A once well-established chemistry law now has an asterisk attached after a challenge from UCLA researchers.

Neil Garg, a distinguished professor in the chemistry and biochemistry department, said molecules known as anti-Bredt olefins – which violate Bredt’s rule, a rule that has stood for a hundred years – cannot have double bonds in specific positions under certain conditions.

“Our study is entirely based on trying to show that you can actually make anti-Bredt olefins – and not only that but actually do useful chemistry with them,” Garg said.

This research was conducted in two separate labs – one led by Garg and the other by Kendall Houk, a distinguished research professor in the chemistry and biochemistry depaartment. Garg’s lab worked on using elimination reactions that transform a carbon single bond into a double to test the validity of Bredt’s rule, said Luca McDermott, an organic chemistry graduate student in Garg’s lab.

Research from the 1960s and 1980s showed that ABOs did not survive in many conditions, said Zach Walters, a graduate student in organic chemistry in the Garg lab.

However, he added that historic research was only conducted in very harsh conditions, which tore the molecules apart. The first goal, therefore, was to examine and model ABOs in more diverse settings, Walters said.

“We were mainly focused on developing a synthetically useful way to access them (ABOs) and understand how they react and the scope of how they react,” he said.

Garg said his team was tasked with making the ABOs stable by combining them with stable precursors. This would effectively trap the unstable molecules, leading to a chemical reaction and allowing researchers to isolate lone ABOs, Garg added.

Sarah French, a postdoctoral researcher in Garg’s lab, said she modeled these reactions to display the molecules’ structures and demonstrate how useful ABOs can be.

“They (results) showed – first of all, we can compute the exact geometry of these undetectable molecules, … and then you can see that they’re all twisted,” Houk said.

The labs discovered that beliefs held by chemists for decades about these molecules were incorrect, Houk said. The molecules can actually survive under somewhat mild conditions in which they are scrambled in a way that allows them to be slightly stable, Houk added.

“Computations and synthetic chemistry can really help give a clear picture to the problem that we’re trying to solve,” French said. “It (this research) discusses some really fundamental ways of thinking about the molecules, which people may not typically think about, so hopefully it will make people think a little bit more about their molecules in a fundamental way.”

Although some reports inaccurately stated that Garg’s lab disproved this rule, McDermott said, it actually adds a caveat to it, opening up new avenues for future organic chemistry research and pharmaceutical development. These compounds only differ slightly from typical organic molecules, making them potentially appropriate for pharmaceutical synthesis, he said.
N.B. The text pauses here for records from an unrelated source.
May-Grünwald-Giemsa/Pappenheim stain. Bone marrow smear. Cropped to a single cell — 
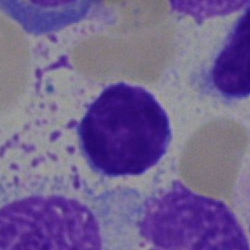

Q: What type of cell is this?
A: Typical lymphocyte.
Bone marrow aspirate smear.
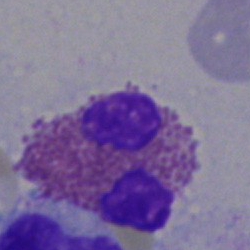 Cell type = eosinophil.
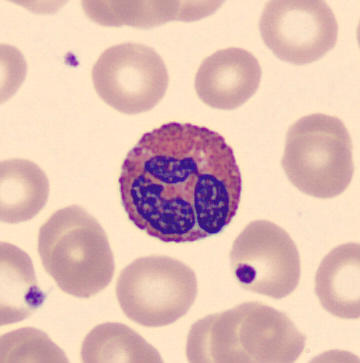 Peripheral blood smear.
{"cell_type": "eosinophilic granulocyte", "lineage": "myeloid"}
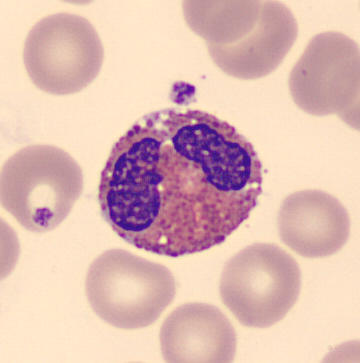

“When you’re designing a drug, what you’re doing is you make very small changes that make the drug better,” McDermott said. “Where you need to make a slight adjustment to increase the property of your material, maybe you could use this chemistry.”

French said she believes this research may push for greater study in other fields.

Walters added that he hopes this work will show students, researchers and scientists that scientific rules are meant to be broken, because they are based on observations that sometimes have exceptions.

“I hope it helps people question some of these rules and encourages people to think a little bit out of the box and think creatively,” Garg added.